WORK INSTRUCTIONS: Where an entry contains an image, leave the image out; restate everything else exactly.

·····

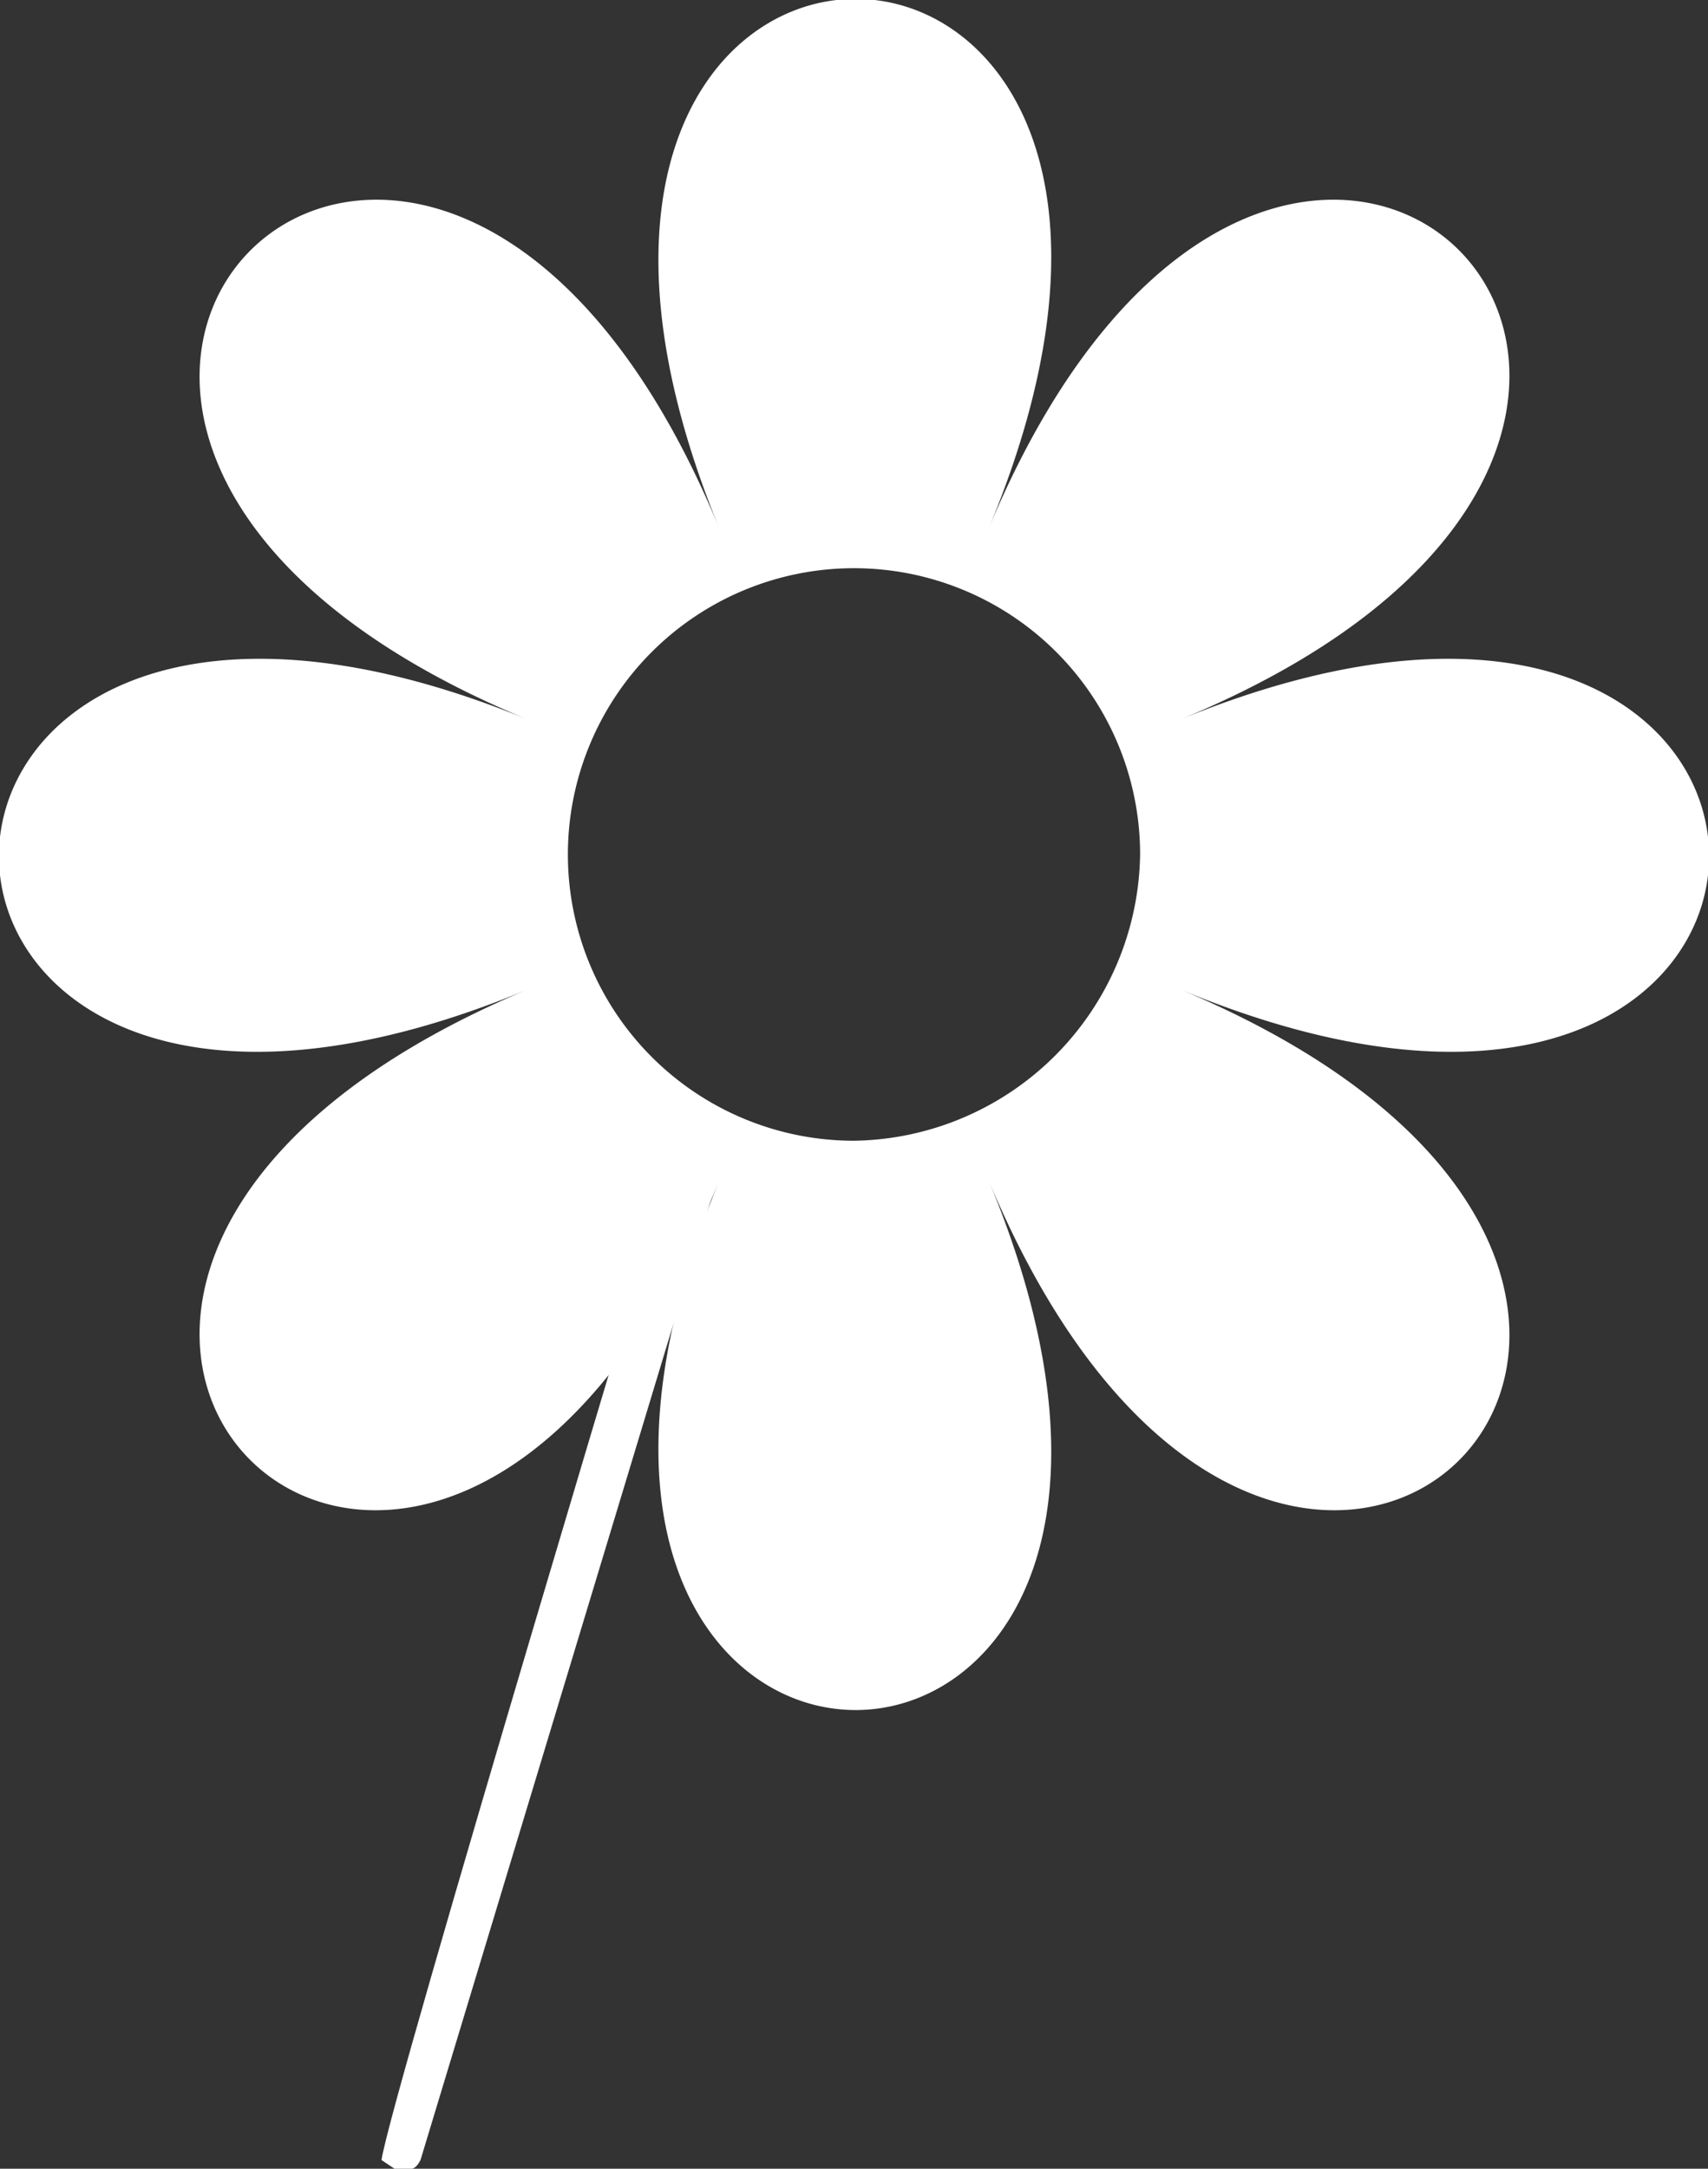 <svg xmlns="http://www.w3.org/2000/svg" width="39.4" height="50" viewBox="0 0 39.4 50"><rect x="0" y="0" width="39.4" height="50" fill="#333333" stroke="none"/><g id="Layer_2" data-name="Layer 2"><g id="Layer_1-2" data-name="Layer 1"><g id="_Group_" data-name="&lt;Group&gt;" fill="#fff"><path id="_Compound_Path_" data-name="&lt;Compound Path&gt;" d="M27.2 16.6c16.3-6.7 2.4-20.7-4.4-4.4 6.8-16.3-12.9-16.3-6.2 0-6.7-16.3-20.7-2.3-4.4 4.4-16.3-6.7-16.3 13 0 6.2-16.3 6.8-2.3 20.7 4.4 4.4-6.7 16.3 13 16.3 6.2 0 6.8 16.3 20.7 2.4 4.4-4.4 16.3 6.8 16.3-12.9 0-6.2zm-7.5 9.7a6.6 6.6 0 1 1 6.6-6.6 6.7 6.7 0 0 1-6.6 6.6z"/><path id="_Path_" data-name="&lt;Path&gt;" d="M15.6 26.5S9 48.4 8.8 49.8l.3.2h.4s.1 0 .2-.2L16.6 27z"/></g></g></g></svg>
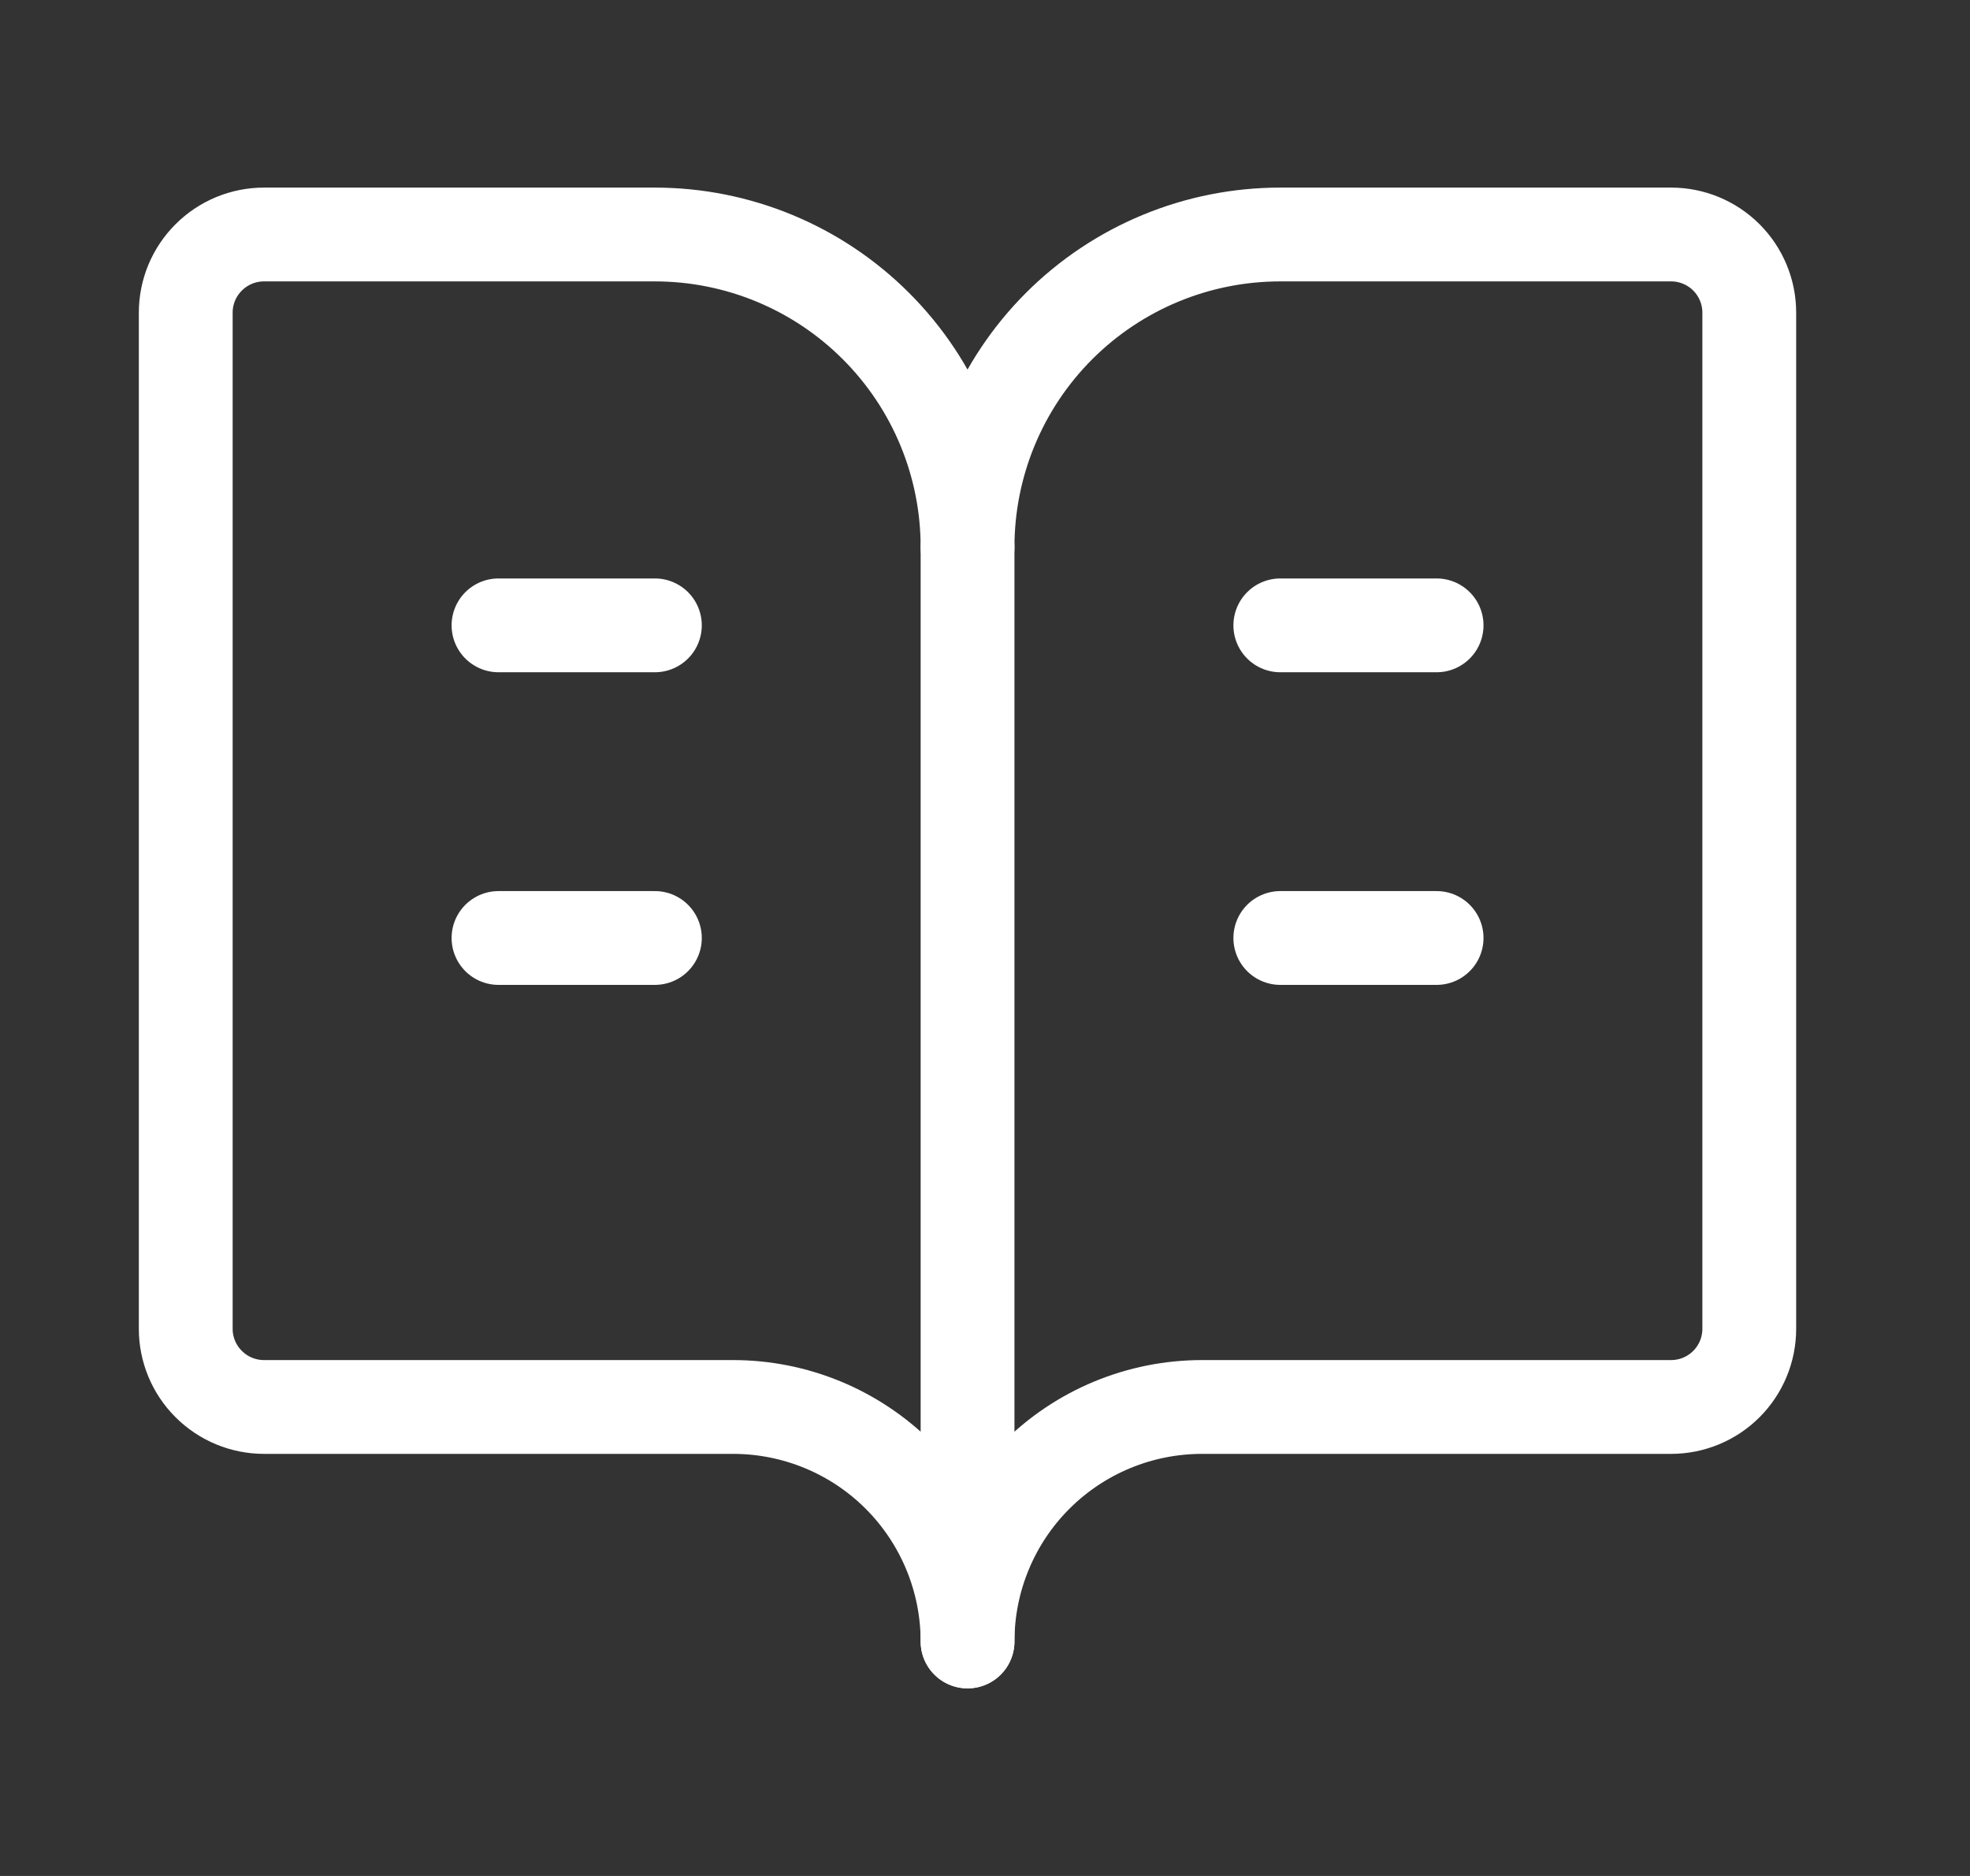 <svg width="21" height="20" viewBox="0 0 21 20" fill="none" xmlns="http://www.w3.org/2000/svg">
<rect x="0" y="0" width="21" height="20" fill="#333333" stroke="none"/>
<path d="M10.314 5.833V17.5" stroke="#FFFFFF" stroke-linecap="round" stroke-linejoin="round"/>
<path d="M13.648 10H15.314" stroke="#FFFFFF" stroke-linecap="round" stroke-linejoin="round"/>
<path d="M13.648 6.667H15.314" stroke="#FFFFFF" stroke-linecap="round" stroke-linejoin="round"/>
<path d="M2.814 15C2.593 15 2.381 14.912 2.225 14.756C2.068 14.6 1.98 14.388 1.98 14.167V3.333C1.98 3.112 2.068 2.9 2.225 2.744C2.381 2.588 2.593 2.5 2.814 2.5H6.98C7.865 2.5 8.712 2.851 9.337 3.476C9.963 4.101 10.314 4.949 10.314 5.833C10.314 4.949 10.665 4.101 11.29 3.476C11.915 2.851 12.763 2.5 13.647 2.5H17.814C18.035 2.5 18.247 2.588 18.403 2.744C18.559 2.9 18.647 3.112 18.647 3.333V14.167C18.647 14.388 18.559 14.6 18.403 14.756C18.247 14.912 18.035 15 17.814 15H12.814C12.151 15 11.515 15.263 11.046 15.732C10.577 16.201 10.314 16.837 10.314 17.5C10.314 16.837 10.05 16.201 9.582 15.732C9.113 15.263 8.477 15 7.814 15H2.814Z" stroke="#FFFFFF" stroke-linecap="round" stroke-linejoin="round"/>
<path d="M5.314 10H6.981" stroke="#FFFFFF" stroke-linecap="round" stroke-linejoin="round"/>
<path d="M5.314 6.667H6.981" stroke="#FFFFFF" stroke-linecap="round" stroke-linejoin="round"/>
</svg>

·····

EXERCISE RESULT:
 <svg xmlns="http://www.w3.org/2000/svg" width="39.4" height="50" viewBox="0 0 39.4 50"><rect x="0" y="0" width="39.4" height="50" fill="#333333" stroke="none"/><g id="Layer_2" data-name="Layer 2"><g id="Layer_1-2" data-name="Layer 1"><g id="_Group_" data-name="&lt;Group&gt;" fill="#fff"><path id="_Compound_Path_" data-name="&lt;Compound Path&gt;" d="M27.2 16.6c16.3-6.7 2.4-20.7-4.4-4.4 6.8-16.3-12.9-16.3-6.2 0-6.7-16.3-20.7-2.3-4.4 4.4-16.3-6.7-16.3 13 0 6.2-16.3 6.8-2.3 20.7 4.4 4.4-6.7 16.3 13 16.3 6.2 0 6.8 16.3 20.7 2.4 4.4-4.4 16.3 6.8 16.3-12.9 0-6.2zm-7.5 9.7a6.6 6.6 0 1 1 6.6-6.6 6.7 6.7 0 0 1-6.6 6.6z"/><path id="_Path_" data-name="&lt;Path&gt;" d="M15.6 26.5S9 48.4 8.8 49.8l.3.2h.4s.1 0 .2-.2L16.6 27z"/></g></g></g></svg>
 <svg width="21" height="20" viewBox="0 0 21 20" fill="none" xmlns="http://www.w3.org/2000/svg">
<rect x="0" y="0" width="21" height="20" fill="#333333" stroke="none"/>
<path d="M10.314 5.833V17.5" stroke="#FFFFFF" stroke-linecap="round" stroke-linejoin="round"/>
<path d="M13.648 10H15.314" stroke="#FFFFFF" stroke-linecap="round" stroke-linejoin="round"/>
<path d="M13.648 6.667H15.314" stroke="#FFFFFF" stroke-linecap="round" stroke-linejoin="round"/>
<path d="M2.814 15C2.593 15 2.381 14.912 2.225 14.756C2.068 14.6 1.98 14.388 1.98 14.167V3.333C1.98 3.112 2.068 2.9 2.225 2.744C2.381 2.588 2.593 2.5 2.814 2.5H6.98C7.865 2.5 8.712 2.851 9.337 3.476C9.963 4.101 10.314 4.949 10.314 5.833C10.314 4.949 10.665 4.101 11.29 3.476C11.915 2.851 12.763 2.5 13.647 2.5H17.814C18.035 2.5 18.247 2.588 18.403 2.744C18.559 2.9 18.647 3.112 18.647 3.333V14.167C18.647 14.388 18.559 14.6 18.403 14.756C18.247 14.912 18.035 15 17.814 15H12.814C12.151 15 11.515 15.263 11.046 15.732C10.577 16.201 10.314 16.837 10.314 17.5C10.314 16.837 10.05 16.201 9.582 15.732C9.113 15.263 8.477 15 7.814 15H2.814Z" stroke="#FFFFFF" stroke-linecap="round" stroke-linejoin="round"/>
<path d="M5.314 10H6.981" stroke="#FFFFFF" stroke-linecap="round" stroke-linejoin="round"/>
<path d="M5.314 6.667H6.981" stroke="#FFFFFF" stroke-linecap="round" stroke-linejoin="round"/>
</svg>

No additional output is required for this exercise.